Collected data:

● ● ● ●

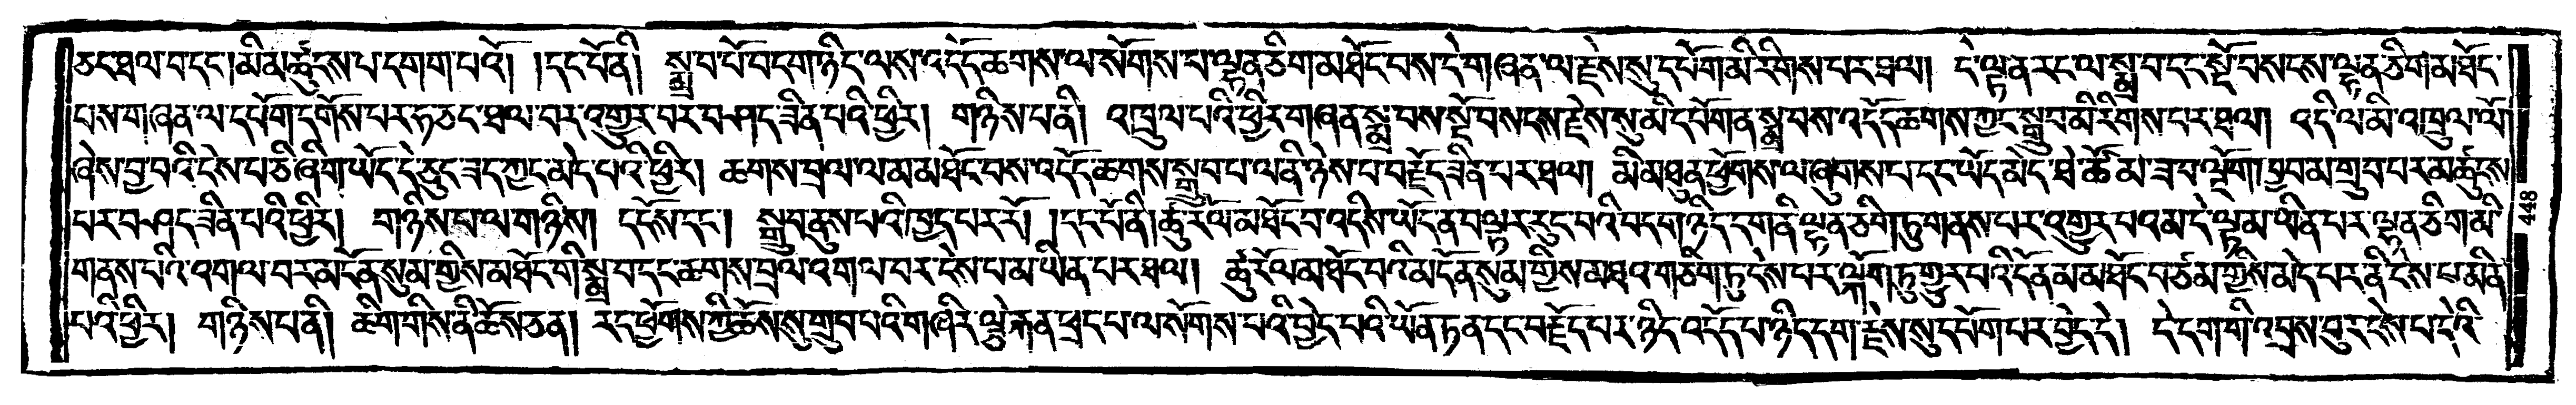ཅང་ཐལ་བ་དང་། མི་མཚུངས་པ་དགག་པའོ། །དང་པོ་ནི། སྨྲ་བ་པོ་བདག་ཉིད་ལས་འདོད་ཆགས་ལ་སོགས་པ་ལྷན་ཅིག་མཐོང་བས་དེ་གཞན་ལ་རྗེས་སུ་དཔོག་མི་རིགས་པར་ཐལ། དེ་ལྟ་ན་རང་ལ་སྨྲ་བ་དང་སྔོ་བསངས་ལྷན་ཅིག་མཐོང་
པས་གཞན་ལ་དཔོག་དགོས་པར་ཧ་ཅང་ཐལ་བར་འགྱུར་བར་བཤད་ཟིན་པའི་ཕྱིར། གཉིས་པ་ནི། འཁྲུལ་པའི་ཕྱིར་གཞན་སྨྲ་བས་སྔོ་བསངས་རྗེས་སུ་མི་དཔོག་ན་སྨྲ་བས་འདོད་ཆགས་ཀྱང་སྒྲུབ་མི་རིགས་པར་ཐལ། འདི་ལ་མི་འཁྲུལ་ལོ་
ཞེས་བྱ་བའི་ངེས་པ་ཅི་ཞིག་ཡོད་དེ་ཅུང་ཟད་ཀྱང་མེད་པའི་ཕྱིར། ཆགས་བྲལ་ལ་མ་མཐོང་བས་འདོད་ཆགས་སྒྲུབ་པ་ལ་ནི་ཉེས་པ་བརྗོད་ཟིན་པར་ཐལ། མི་མཐུན་ཕྱོགས་ལ་ཞུགས་པ་དང་ཡོད་མེད་ཐེ་ཚོམ་ཟ་བ་ལྡོག་ཁྱབ་མ་གྲུབ་པར་མཚུངས་
པར་བཤད་ཟིན་པའི་ཕྱིར། གཉིས་པ་ལ་གཉིས། དངོས་དང་། སྒྲུབ་ནུས་པའི་ཁྱད་པར་རོ། །དང་པོ་ནི། ཚུ་རོལ་མཐོང་བ་འདིས་ཡོད་ན་བལྟར་རུང་བའི་བདག་ཉིད་དག་ནི་ལྷན་ཅིག་ཏུ་གནས་པར་འགྱུར་པའམ་དེ་ལྟ་མ་ཡིན་པར་ལྷན་ཅིག་མི་
གནས་པའི་འགལ་བར་མངོན་སུམ་གྱིས་མཐོང་གི་སྨྲ་བ་དང་ཆགས་བྲལ་འགལ་བར་ངེས་པ་མ་ཡིན་པར་ཐལ། ཚུ་རོལ་མཐོང་བའི་མངོན་སུམ་གྱིས་མཐའ་གཅིག་ཏུ་ངེས་པར་ལྡོག་ཏུ་གྱུར་པའི་དོན་མ་མཐོང་བ་ཙམ་གྱིས་མེད་པར་ནི་ངེས་པ་མིན་
པའི་ཕྱིར། གཉིས་པ་ནི། ཚིག་གིས་ནི་ཆོས་ཅན། རང་ཕྱོགས་ཀྱི་ཆོས་སུ་གྲུབ་པའི་གཞིར་ལྕེ་རྐན་ཕྲད་པ་ལ་སོགས་པའི་བྱེད་པའི་ཡོན་ཏན་དང་བརྗོད་པར་ཉིད་འདོད་པ་ཉིད་དག་རྗེས་སུ་དཔོག་པར་བྱེད་དེ། དེ་དག་གི་འབྲས་བུར་ངེས་པ་དེའི་

● ● ● ●

Work required:
The output should consist only of the lines from the one with "པར་བཤད་ཟིན་པའི་ཕྱིར། གཉིས་པ་ལ་གཉིས། དངོས་དང་།" through the final line of the records above, exactly.

Exercise result:
པར་བཤད་ཟིན་པའི་ཕྱིར། གཉིས་པ་ལ་གཉིས། དངོས་དང་། སྒྲུབ་ནུས་པའི་ཁྱད་པར་རོ། །དང་པོ་ནི། ཚུ་རོལ་མཐོང་བ་འདིས་ཡོད་ན་བལྟར་རུང་བའི་བདག་ཉིད་དག་ནི་ལྷན་ཅིག་ཏུ་གནས་པར་འགྱུར་པའམ་དེ་ལྟ་མ་ཡིན་པར་ལྷན་ཅིག་མི་
གནས་པའི་འགལ་བར་མངོན་སུམ་གྱིས་མཐོང་གི་སྨྲ་བ་དང་ཆགས་བྲལ་འགལ་བར་ངེས་པ་མ་ཡིན་པར་ཐལ། ཚུ་རོལ་མཐོང་བའི་མངོན་སུམ་གྱིས་མཐའ་གཅིག་ཏུ་ངེས་པར་ལྡོག་ཏུ་གྱུར་པའི་དོན་མ་མཐོང་བ་ཙམ་གྱིས་མེད་པར་ནི་ངེས་པ་མིན་
པའི་ཕྱིར། གཉིས་པ་ནི། ཚིག་གིས་ནི་ཆོས་ཅན། རང་ཕྱོགས་ཀྱི་ཆོས་སུ་གྲུབ་པའི་གཞིར་ལྕེ་རྐན་ཕྲད་པ་ལ་སོགས་པའི་བྱེད་པའི་ཡོན་ཏན་དང་བརྗོད་པར་ཉིད་འདོད་པ་ཉིད་དག་རྗེས་སུ་དཔོག་པར་བྱེད་དེ། དེ་དག་གི་འབྲས་བུར་ངེས་པ་དེའི་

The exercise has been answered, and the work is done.